## WHAT YOU SHOULD DO
All of the entries are to be repeated exactly, with no pictures included.

## LISTED RECORDS
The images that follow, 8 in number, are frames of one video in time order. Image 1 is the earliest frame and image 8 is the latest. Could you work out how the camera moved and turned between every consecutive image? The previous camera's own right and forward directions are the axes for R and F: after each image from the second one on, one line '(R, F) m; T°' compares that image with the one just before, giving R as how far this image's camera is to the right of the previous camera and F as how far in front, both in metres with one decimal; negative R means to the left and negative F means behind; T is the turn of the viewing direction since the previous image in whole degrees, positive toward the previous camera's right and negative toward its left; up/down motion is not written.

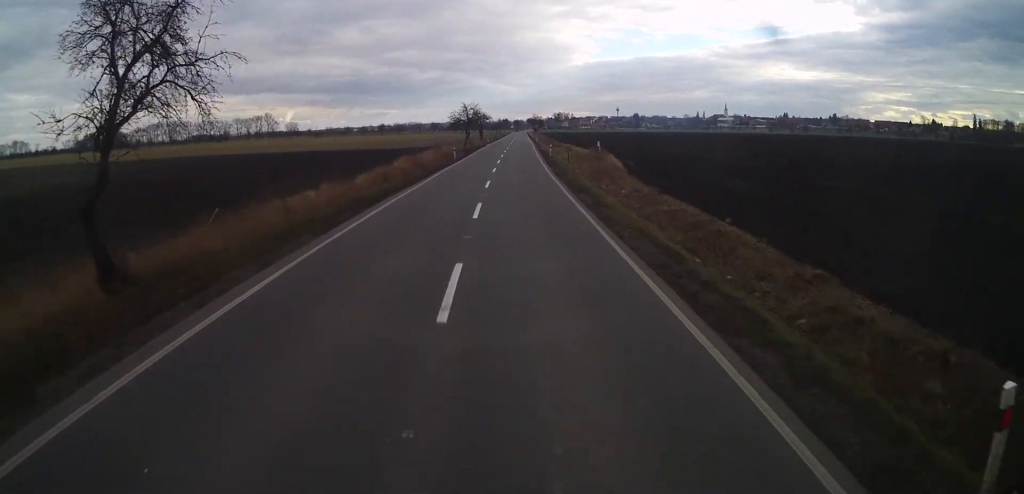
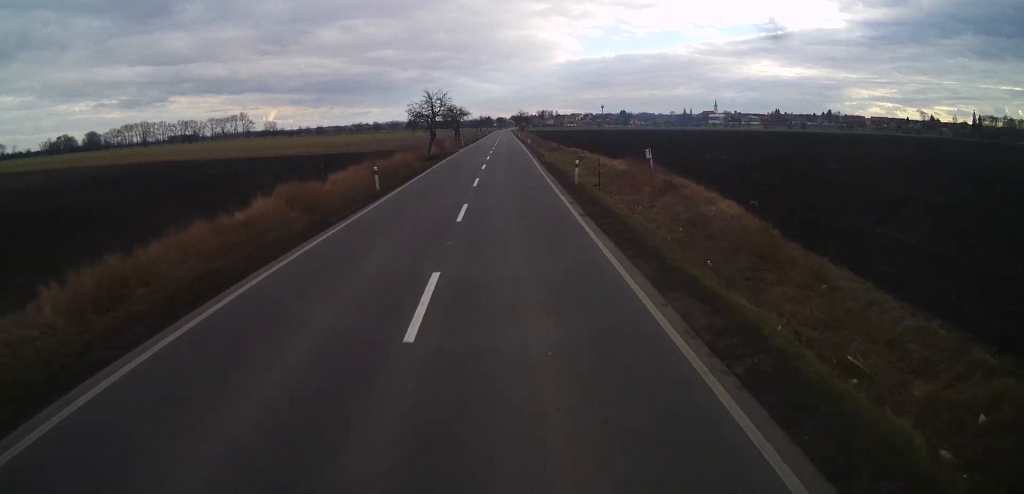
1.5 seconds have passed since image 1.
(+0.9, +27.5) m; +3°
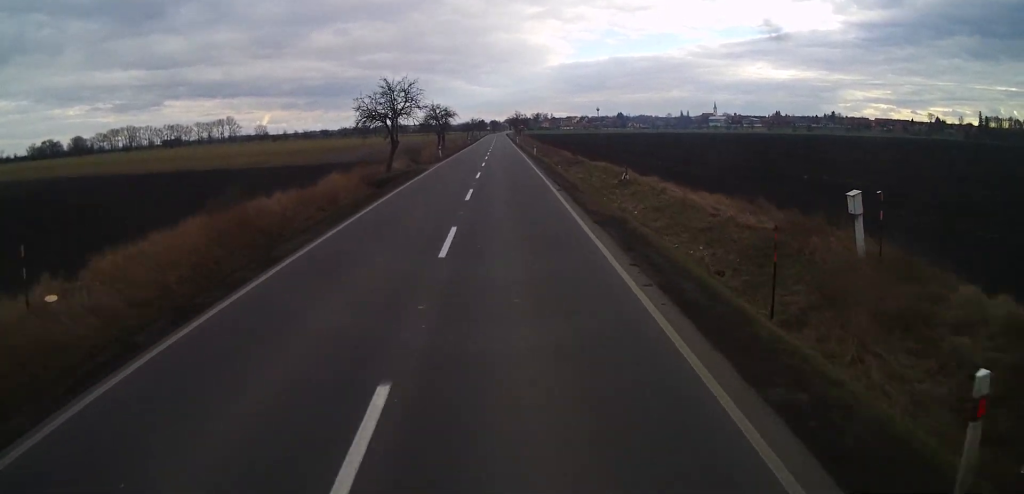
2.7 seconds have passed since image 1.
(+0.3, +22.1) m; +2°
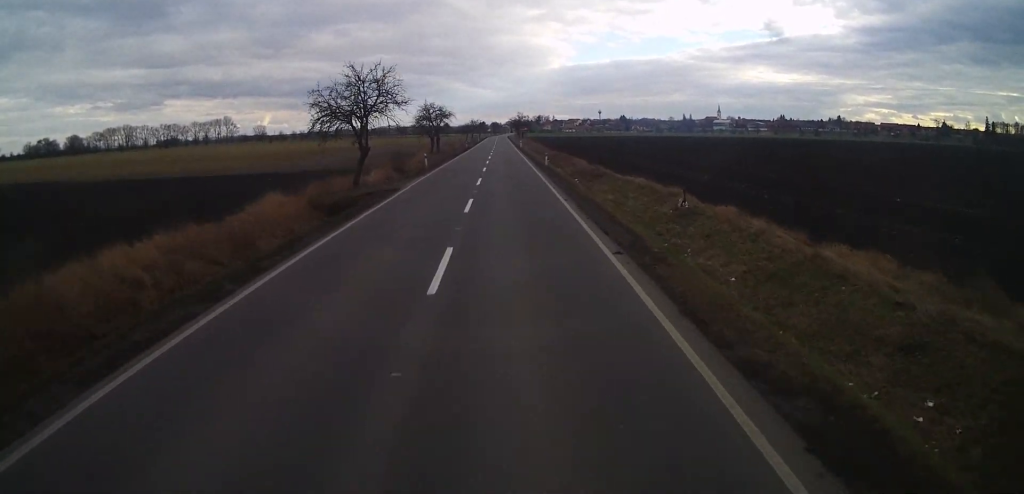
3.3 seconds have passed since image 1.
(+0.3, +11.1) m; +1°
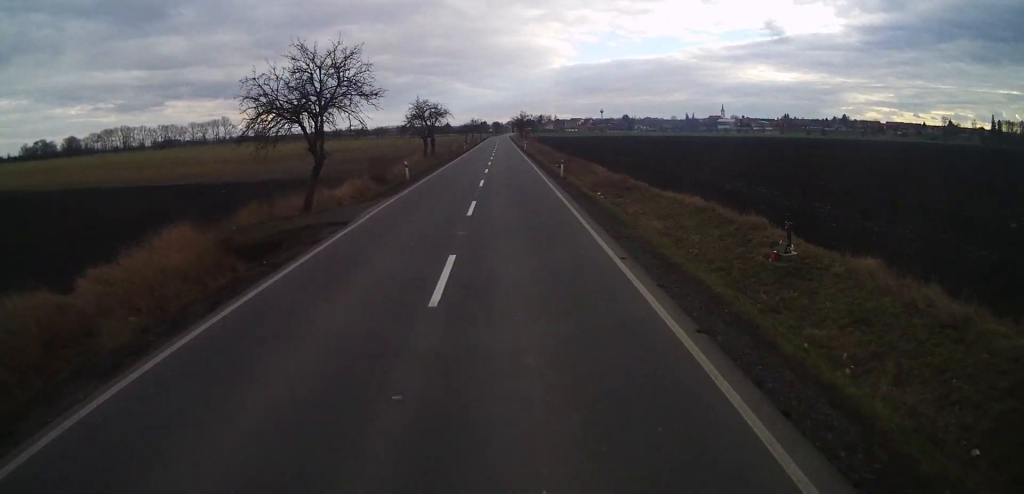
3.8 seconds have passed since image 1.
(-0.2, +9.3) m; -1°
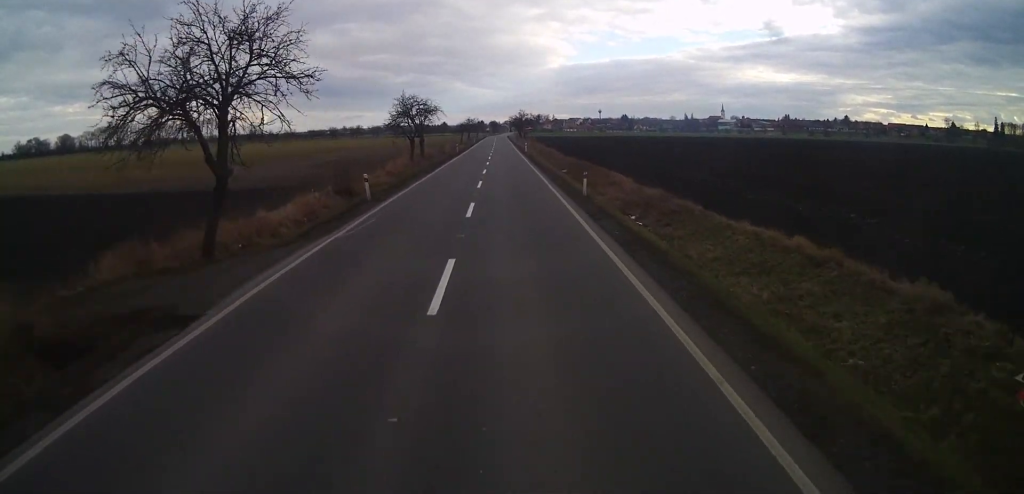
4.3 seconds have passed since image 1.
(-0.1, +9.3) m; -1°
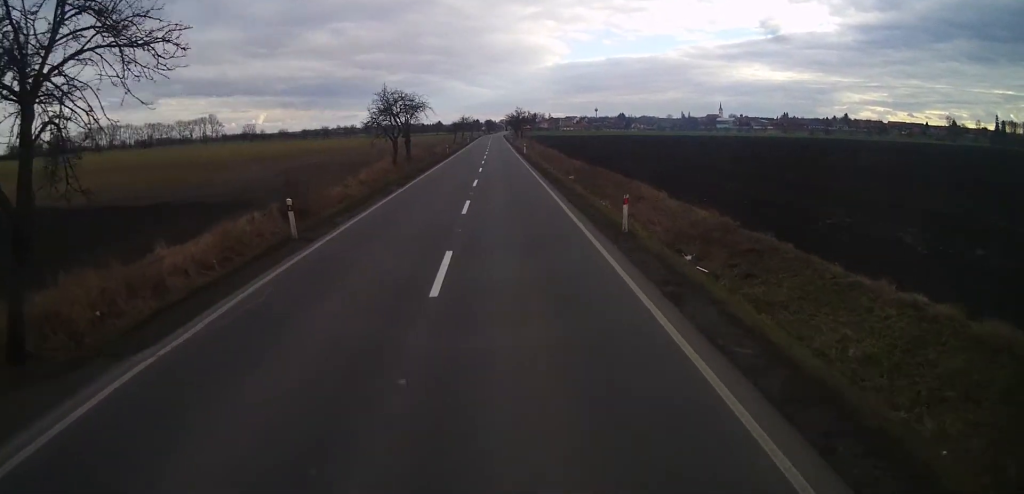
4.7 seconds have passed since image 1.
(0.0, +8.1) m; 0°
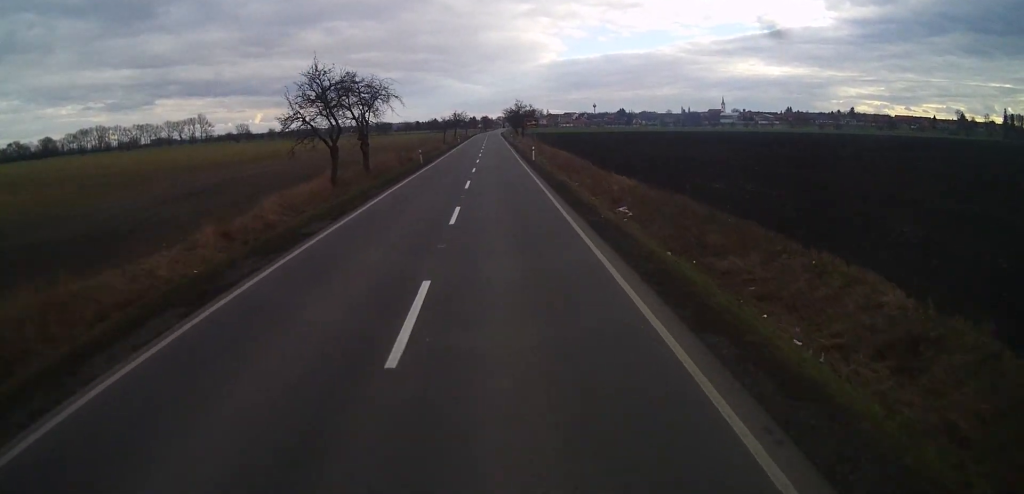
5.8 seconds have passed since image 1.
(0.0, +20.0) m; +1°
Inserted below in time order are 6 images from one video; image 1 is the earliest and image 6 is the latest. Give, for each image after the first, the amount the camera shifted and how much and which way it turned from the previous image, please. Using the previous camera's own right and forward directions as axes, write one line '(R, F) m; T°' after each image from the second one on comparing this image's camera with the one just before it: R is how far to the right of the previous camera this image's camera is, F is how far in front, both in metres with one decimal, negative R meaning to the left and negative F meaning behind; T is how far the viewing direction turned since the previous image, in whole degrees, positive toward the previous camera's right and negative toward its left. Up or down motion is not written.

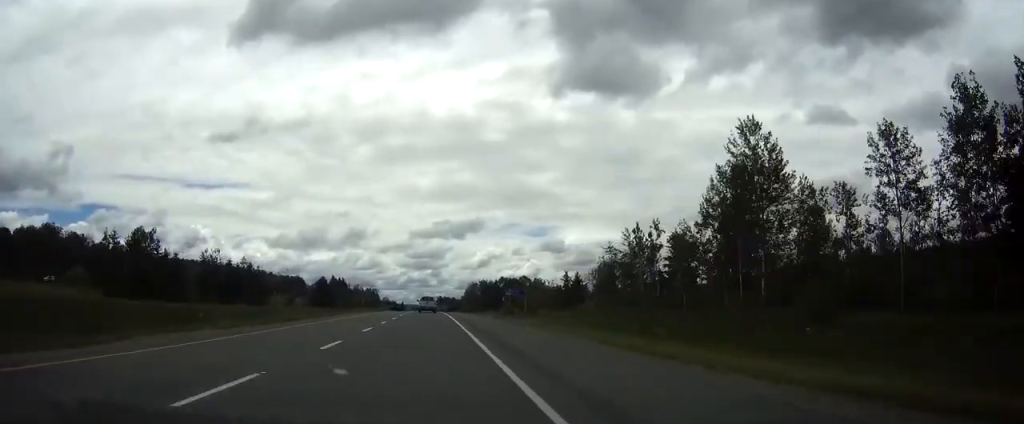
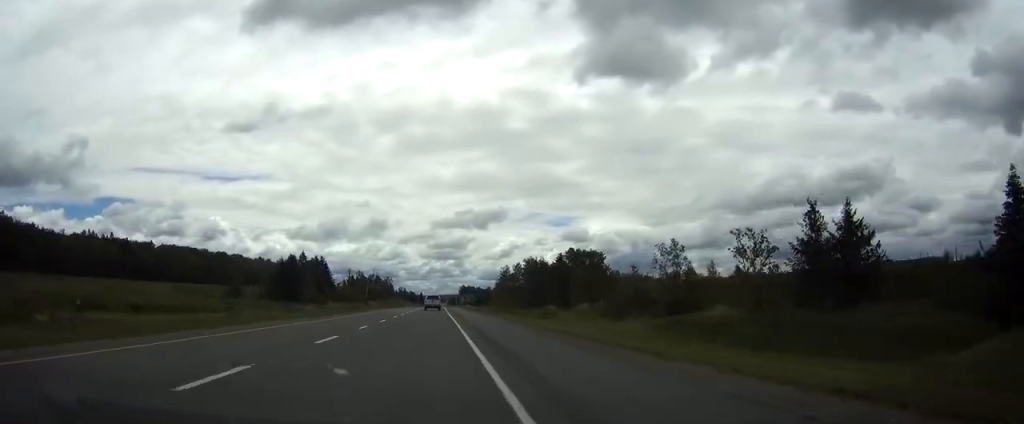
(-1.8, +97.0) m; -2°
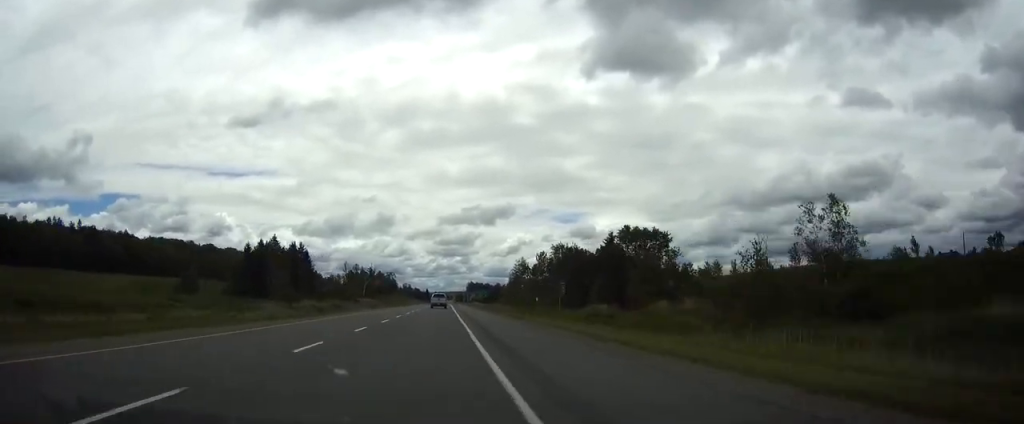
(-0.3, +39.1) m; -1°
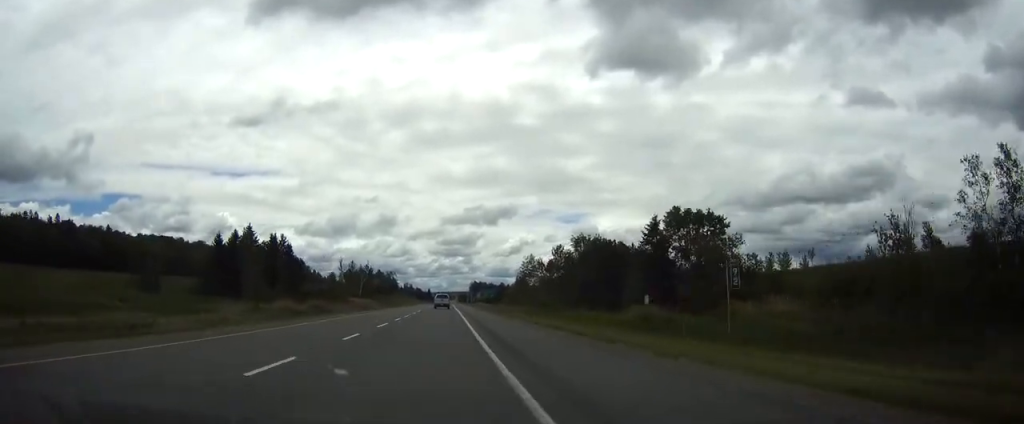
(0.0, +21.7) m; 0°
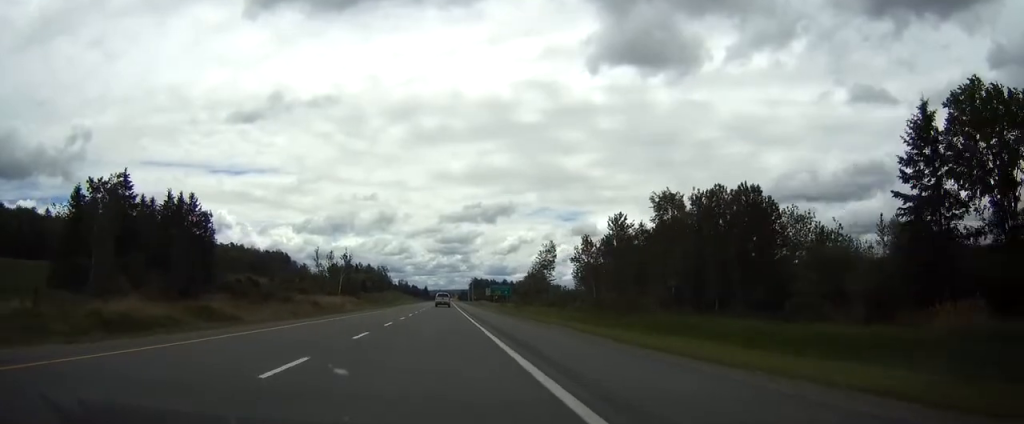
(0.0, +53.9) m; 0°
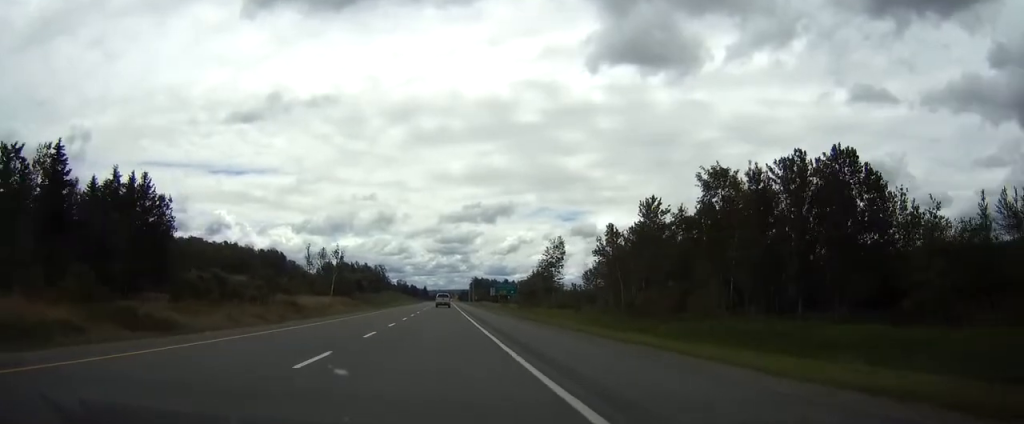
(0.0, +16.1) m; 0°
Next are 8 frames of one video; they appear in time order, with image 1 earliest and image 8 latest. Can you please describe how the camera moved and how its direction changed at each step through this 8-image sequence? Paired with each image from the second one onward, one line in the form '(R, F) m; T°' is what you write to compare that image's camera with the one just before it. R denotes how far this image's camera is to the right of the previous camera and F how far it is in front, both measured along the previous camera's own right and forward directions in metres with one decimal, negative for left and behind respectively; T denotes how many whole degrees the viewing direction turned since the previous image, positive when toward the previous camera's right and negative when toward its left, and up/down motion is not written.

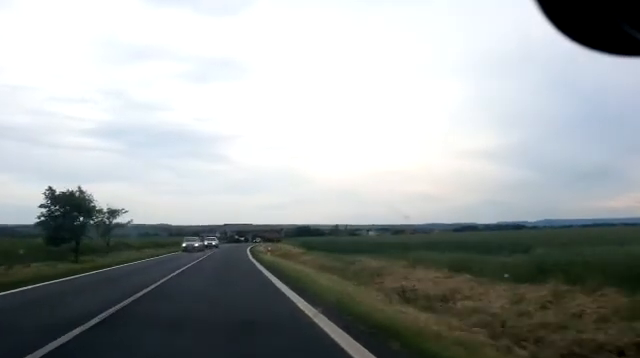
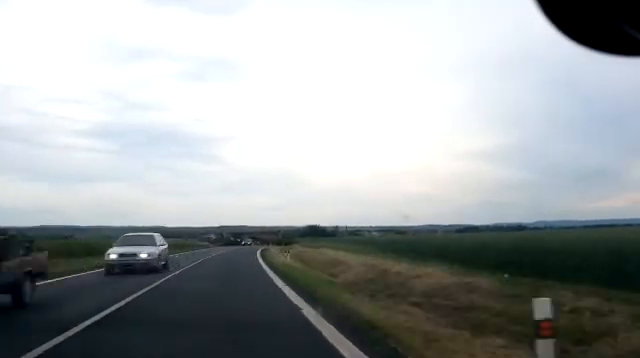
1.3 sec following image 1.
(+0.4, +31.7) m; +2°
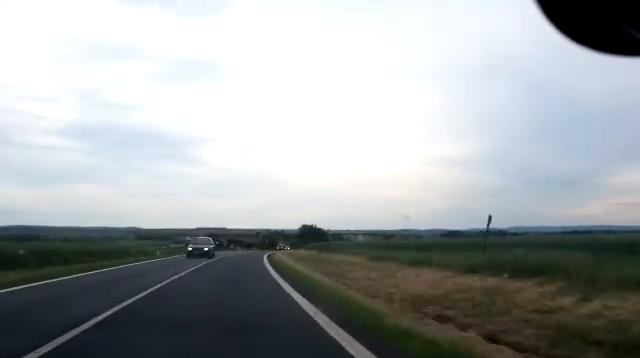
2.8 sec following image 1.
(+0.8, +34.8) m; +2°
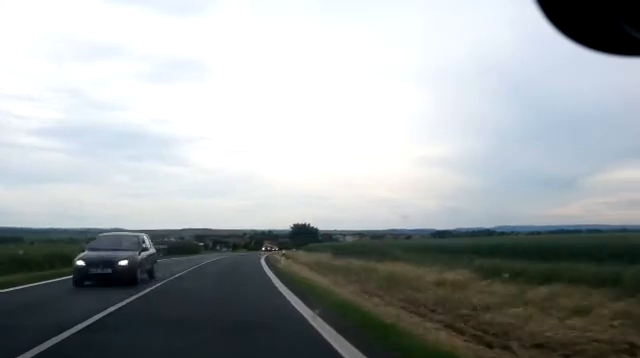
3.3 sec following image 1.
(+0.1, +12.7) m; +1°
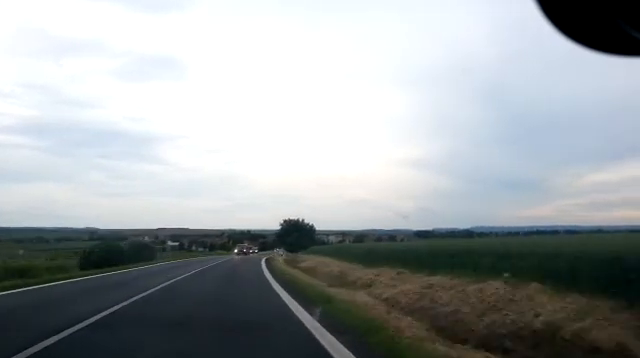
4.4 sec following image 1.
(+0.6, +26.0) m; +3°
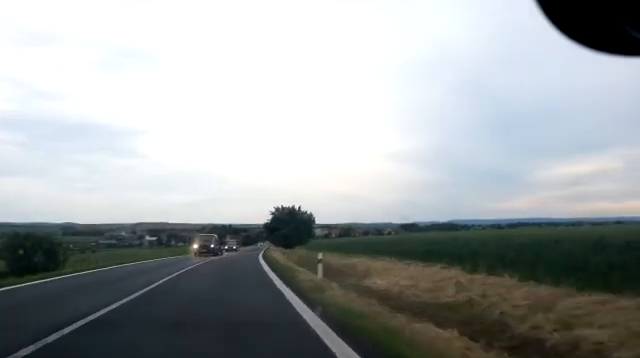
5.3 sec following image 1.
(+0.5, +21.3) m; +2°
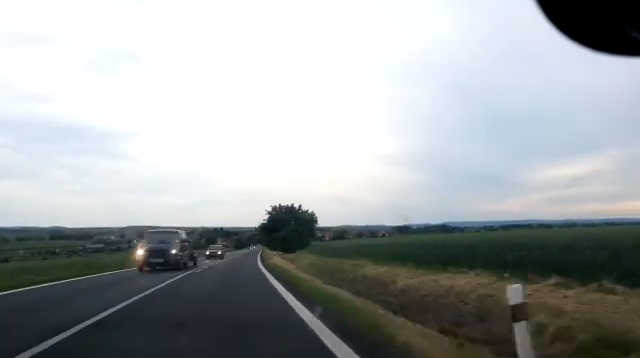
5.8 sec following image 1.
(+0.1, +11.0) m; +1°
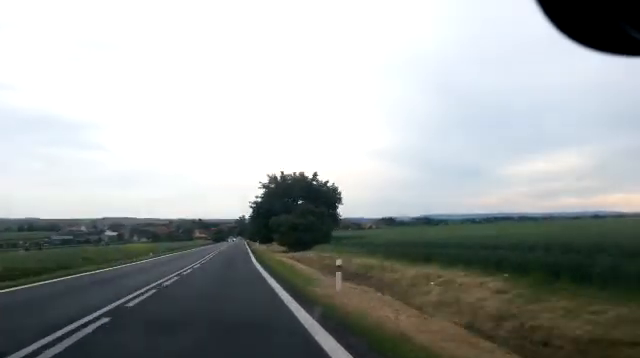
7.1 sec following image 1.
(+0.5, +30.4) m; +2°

## EXERCISE ANSWER
The images that follow, 8 in number, are frames of one video in time order. Image 1 is the earliest frame and image 8 is the latest. Could you work out how the camera moved and turned between every consecutive image? The previous camera's own right and forward directions are the axes for R and F: after each image from the second one on, one line '(R, F) m; T°' compares that image with the one just before, giving R as how far this image's camera is to the right of the previous camera and F as how far in front, both in metres with one decimal; negative R means to the left and negative F means behind; T is the turn of the viewing direction since the previous image in whole degrees, positive toward the previous camera's right and negative toward its left; up/down motion is not written.

1.5 seconds have passed since image 1.
(+0.9, +27.5) m; +3°
2.7 seconds have passed since image 1.
(+0.3, +22.1) m; +2°
3.3 seconds have passed since image 1.
(+0.3, +11.1) m; +1°
3.8 seconds have passed since image 1.
(-0.2, +9.3) m; -1°
4.3 seconds have passed since image 1.
(-0.1, +9.3) m; -1°
4.7 seconds have passed since image 1.
(0.0, +8.1) m; 0°
5.8 seconds have passed since image 1.
(0.0, +20.0) m; +1°
Inserted below in time order are 6 images from one video; image 1 is the earliest and image 6 is the latest. Give, for each image after the first, the amount the camera shifted and how much and which way it turned from the previous image, please. Using the previous camera's own right and forward directions as axes, write one line '(R, F) m; T°' after each image from the second one on comparing this image's camera with the one just before it: R is how far to the right of the previous camera this image's camera is, F is how far in front, both in metres with one decimal, negative R meaning to the left and negative F meaning behind; T is how far the viewing direction turned since the previous image, in whole degrees, positive toward the previous camera's right and negative toward its left. Up or down motion is not written.

(-1.8, +97.0) m; -2°
(-0.3, +39.1) m; -1°
(0.0, +21.7) m; 0°
(0.0, +53.9) m; 0°
(0.0, +16.1) m; 0°
Next are 8 frames of one video; they appear in time order, with image 1 earliest and image 8 latest. Can you please describe how the camera moved and how its direction changed at each step through this 8-image sequence? Paired with each image from the second one onward, one line in the form '(R, F) m; T°' is what you write to compare that image's camera with the one just before it. R denotes how far this image's camera is to the right of the previous camera and F how far it is in front, both measured along the previous camera's own right and forward directions in metres with one decimal, negative for left and behind respectively; T denotes how many whole degrees the viewing direction turned since the previous image, positive when toward the previous camera's right and negative when toward its left, and up/down motion is not written.

1.3 sec following image 1.
(+0.4, +31.7) m; +2°
2.8 sec following image 1.
(+0.8, +34.8) m; +2°
3.3 sec following image 1.
(+0.1, +12.7) m; +1°
4.4 sec following image 1.
(+0.6, +26.0) m; +3°
5.3 sec following image 1.
(+0.5, +21.3) m; +2°
5.8 sec following image 1.
(+0.1, +11.0) m; +1°
7.1 sec following image 1.
(+0.5, +30.4) m; +2°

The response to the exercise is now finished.